» DATASET EXTRACT:
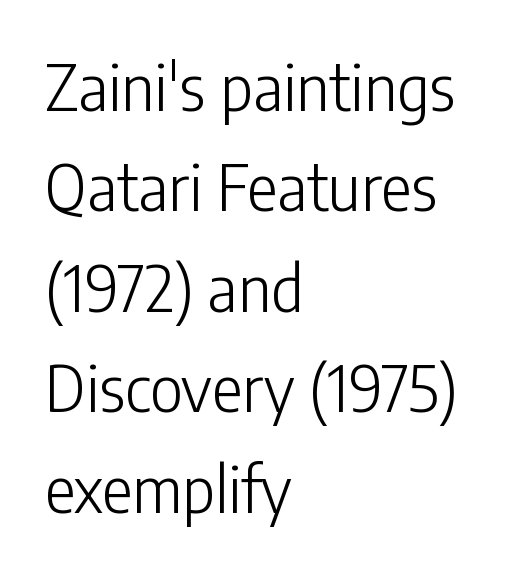
Q: Is the text bold? A: No.
Q: Is the text italic (slanted)? A: No, it is upright.
Q: Is the typeface a serif or a sans-serif typeface? A: Sans-serif.
Q: Is the text underlined? A: No.
Q: How is the paragraph aligned? A: Left-aligned.
Q: Is the spacing between letters normal or unusually wide? A: Normal.
Q: Is the spacing between lines tight, normal or loose? A: Normal.
Q: Width (condensed, normal, or wide)? A: Condensed.
Q: Stroke contrast? A: Low.
Q: x-height? A: Medium.
Q: Monospaced? A: No.

» WORK REQUEST: Reproduce all entries above exactly, minus the images.

» RESPONSE BELOW:
Q: Is the text bold? A: No.
Q: Is the text italic (slanted)? A: No, it is upright.
Q: Is the typeface a serif or a sans-serif typeface? A: Sans-serif.
Q: Is the text underlined? A: No.
Q: How is the paragraph aligned? A: Left-aligned.
Q: Is the spacing between letters normal or unusually wide? A: Normal.
Q: Is the spacing between lines tight, normal or loose? A: Normal.
Q: Width (condensed, normal, or wide)? A: Condensed.
Q: Stroke contrast? A: Low.
Q: x-height? A: Medium.
Q: Monospaced? A: No.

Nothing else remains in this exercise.